START Excerpted records

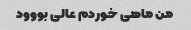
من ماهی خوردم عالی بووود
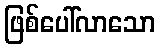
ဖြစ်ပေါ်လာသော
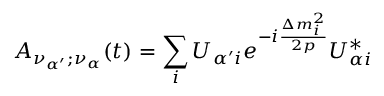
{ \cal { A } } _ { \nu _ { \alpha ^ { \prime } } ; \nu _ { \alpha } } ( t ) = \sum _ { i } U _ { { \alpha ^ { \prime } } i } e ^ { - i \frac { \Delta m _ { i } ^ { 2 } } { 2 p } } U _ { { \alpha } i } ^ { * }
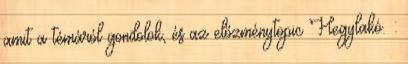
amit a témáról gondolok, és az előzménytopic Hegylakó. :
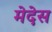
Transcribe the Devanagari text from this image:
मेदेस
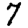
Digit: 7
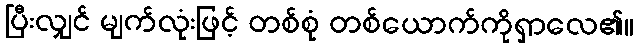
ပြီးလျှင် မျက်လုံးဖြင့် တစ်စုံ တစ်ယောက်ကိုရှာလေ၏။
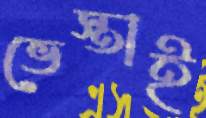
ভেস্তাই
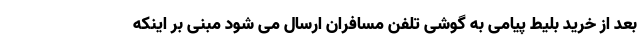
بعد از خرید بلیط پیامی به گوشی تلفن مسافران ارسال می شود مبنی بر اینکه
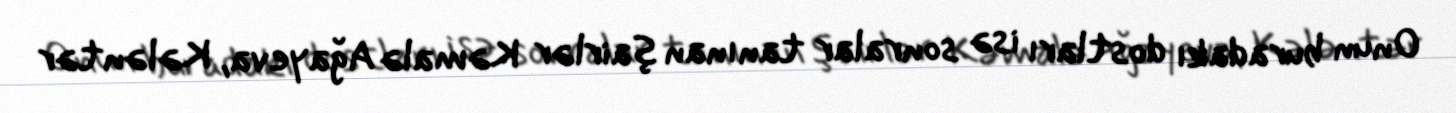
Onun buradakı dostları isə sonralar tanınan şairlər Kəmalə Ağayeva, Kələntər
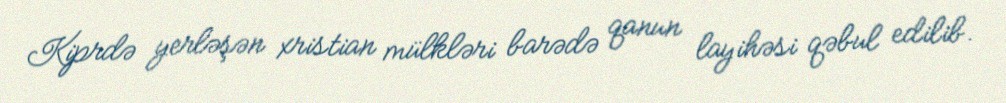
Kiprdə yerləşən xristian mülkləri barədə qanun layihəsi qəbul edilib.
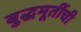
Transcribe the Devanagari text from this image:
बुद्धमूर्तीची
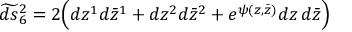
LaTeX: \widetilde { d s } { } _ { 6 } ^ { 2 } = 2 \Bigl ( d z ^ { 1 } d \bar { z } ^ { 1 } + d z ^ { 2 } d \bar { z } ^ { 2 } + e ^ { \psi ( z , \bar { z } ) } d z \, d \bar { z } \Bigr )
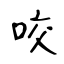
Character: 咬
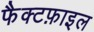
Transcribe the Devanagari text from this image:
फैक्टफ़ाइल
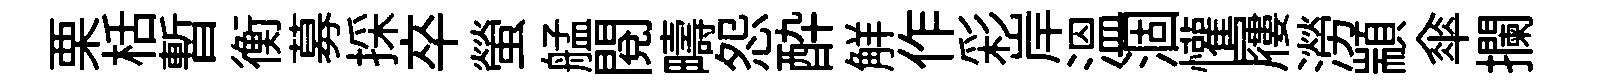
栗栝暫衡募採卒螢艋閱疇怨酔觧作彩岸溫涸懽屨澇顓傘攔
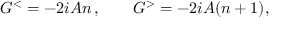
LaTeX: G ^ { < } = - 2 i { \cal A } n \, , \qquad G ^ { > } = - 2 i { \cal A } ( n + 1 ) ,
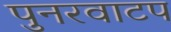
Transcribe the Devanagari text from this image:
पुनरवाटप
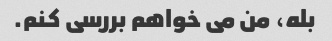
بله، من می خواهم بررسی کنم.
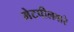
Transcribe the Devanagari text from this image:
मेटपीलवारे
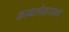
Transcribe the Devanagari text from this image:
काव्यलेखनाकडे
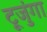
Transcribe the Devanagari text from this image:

END Excerpted records

■ Required work
Starting at the line that contains "Character: 咬", reproduce exactly and only the lines through the end of the entries above, with the pictures excluded.

■ Result for this task
Character: 咬
Transcribe the Devanagari text from this image:
फैक्टफ़ाइल
栗栝暫衡募採卒螢艋閱疇怨酔觧作彩岸溫涸懽屨澇顓傘攔
LaTeX: G ^ { < } = - 2 i { \cal A } n \, , \qquad G ^ { > } = - 2 i { \cal A } ( n + 1 ) ,
Transcribe the Devanagari text from this image:
पुनरवाटप
بله، من می خواهم بررسی کنم.
Transcribe the Devanagari text from this image:
मेटपीलवारे
Transcribe the Devanagari text from this image:
काव्यलेखनाकडे
Transcribe the Devanagari text from this image:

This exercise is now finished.